Organisms which are added using this interface, will get available as proposed organisms when searching for onthologies in ISATab creator. Alternative names work like keywords, and will make show up the relevant entries.
On this page you can see some simple statistics about the usage of your resources.
The following software are needed for proper functioning (MetaDB may also work with other software versions, but was not tested):
- Java 1.7
- Tomcat 6
- MySQL 5.5
- Grails 2.2.3
- R 3.0.1
Get the code
git clone https://github.com/rmylonas/MetaDB
Run unit tests
grails test-app unit:
They should all pass..
Prepare your configuration
set correct folders in grails-app/conf/Config.groovy:
metadb.isatab.metabolConfigFile = [path to your ISAcreator configuration file]
(configuration folder can be copied from resources/conf/MetaboLightsConfig20130507 or taken from MetaboLights)
metadb.dataPath = "[your data folder]" (make sure this directory exists and is empty)
metadb.conf.metams.script = "[R script folder]" (copy folder from resources/conf/metaMS)
metadb.conf.metams.instrumentSettings = "[RData MetaMS instrument settings]" (copy folder from resources/conf/instrumentSettings)
metadb.conf.metams.databases = "[RData MetaMS databases]" (copy folder from resources/conf/databases)
set your database settings in grails-app/conf/DataSource.groovy:
Set user, password and the correct URL to your database.
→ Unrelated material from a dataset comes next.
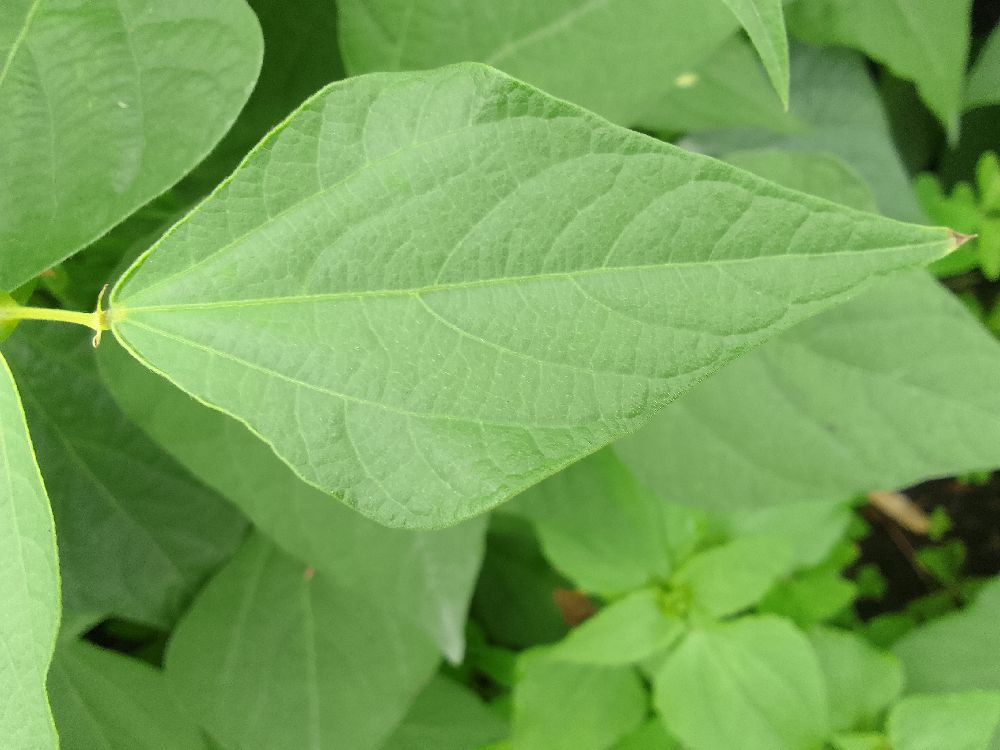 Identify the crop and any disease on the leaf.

Make sure to create a database called MetaMS. That's also the place to change settings, in case you want to use PostgreSQL instead (look at Grails documentation for further info).
url = "jdbc:mysql://localhost/MetaDB" username = "root" password = "1234"
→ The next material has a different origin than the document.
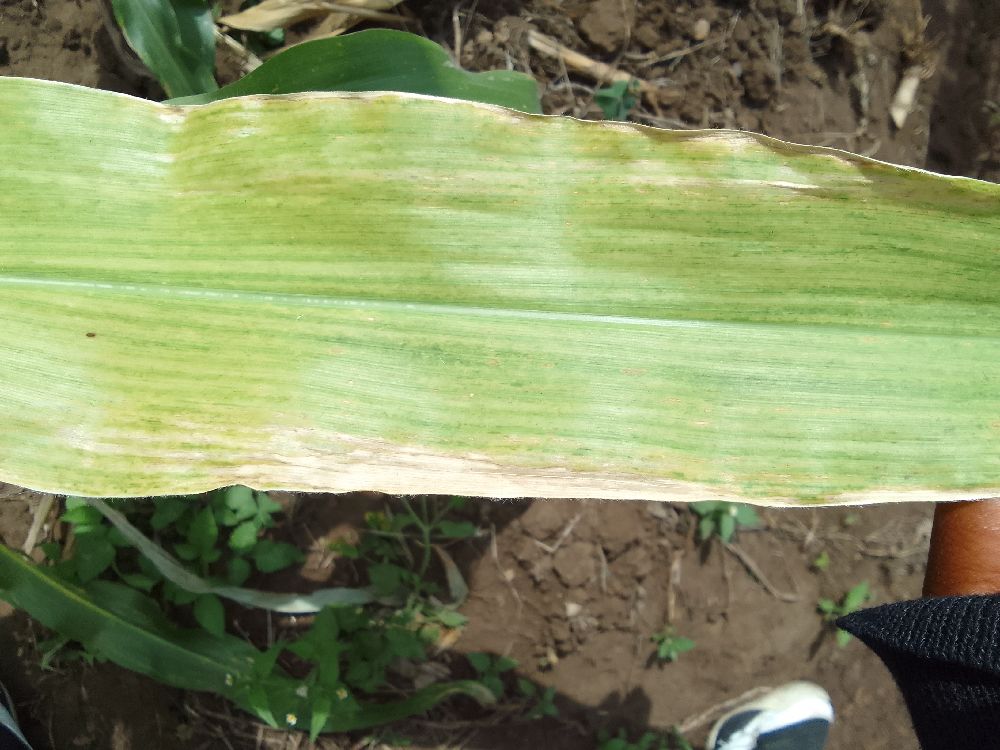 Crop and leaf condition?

maize, maize lethal necrosis

set directory for search indexing in grails-app/conf/Searchable.groovy:
Create and set directory, where MetaDB can save it's indexes
compassConnection = new File( "[path to indexes]" ).absolutePath
create and deploy war file:
create a .war file with your settings by executing following command from MetaDB folder:
copy the .war file to your local tomcat webapps folder.
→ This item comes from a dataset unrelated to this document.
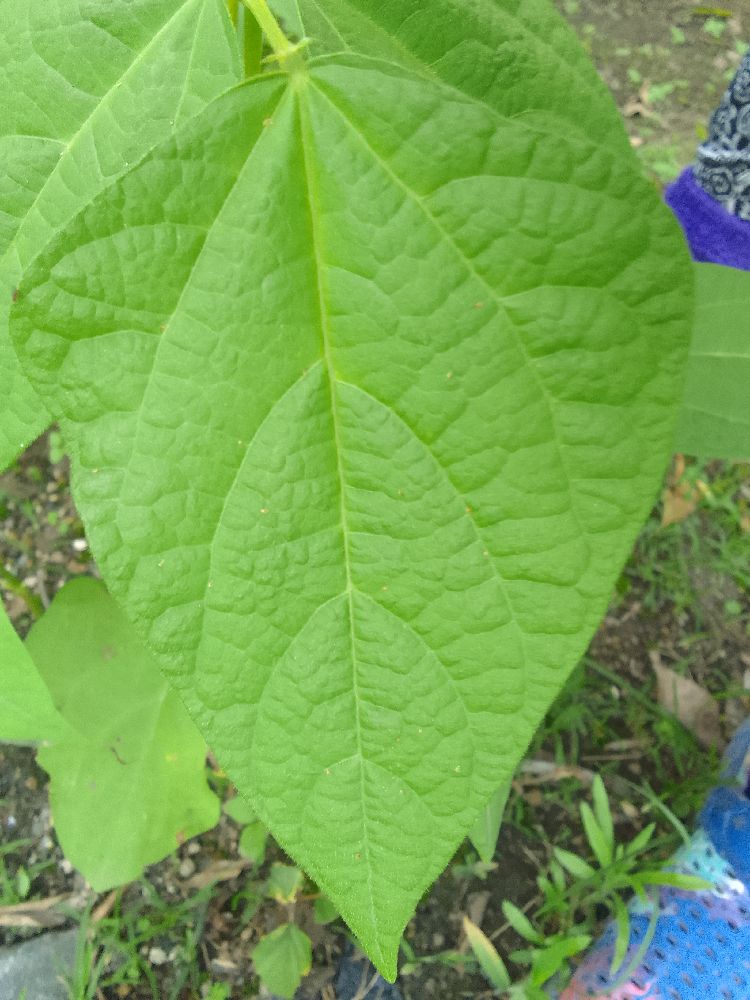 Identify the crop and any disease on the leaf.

common bean, healthy

access the main page and login as administrator
Username: admin Password: admin
install R packages
Install MetaMS from Bioconductor.
For PCA plotting, install the PCA library to your local R installation:
sudo R -e 'install.packages("./resources/R/PCA_0.0.2.1.tar.gz", repos = NULL, type="source")'
For all code derived from ISAcreator, the following CPAL licence applies:
CPAL License, available at http://isatab.sourceforge.net/licenses/ISAcreator-license.html
Other code sections go under the MIT Licence:
Copyright (C) <2013>
Permission is hereby granted, free of charge, to any person obtaining a copy of this software and associated documentation files (the "Software"), to deal in the Software without restriction, including without limitation the rights to use, copy, modify, merge, publish, distribute, sublicense, and/or sell copies of the Software, and to permit persons to whom the Software is furnished to do so, subject to the following conditions:
The above copyright notice and this permission notice shall be included in all copies or substantial portions of the Software.
THE SOFTWARE IS PROVIDED "AS IS", WITHOUT WARRANTY OF ANY KIND, EXPRESS OR IMPLIED, INCLUDING BUT NOT LIMITED TO THE WARRANTIES OF MERCHANTABILITY, FITNESS FOR A PARTICULAR PURPOSE AND NONINFRINGEMENT. IN NO EVENT SHALL THE AUTHORS OR COPYRIGHT HOLDERS BE LIABLE FOR ANY CLAIM, DAMAGES OR OTHER LIABILITY, WHETHER IN AN ACTION OF CONTRACT, TORT OR OTHERWISE, ARISING FROM, OUT OF OR IN CONNECTION WITH THE SOFTWARE OR THE USE OR OTHER DEALINGS IN THE SOFTWARE.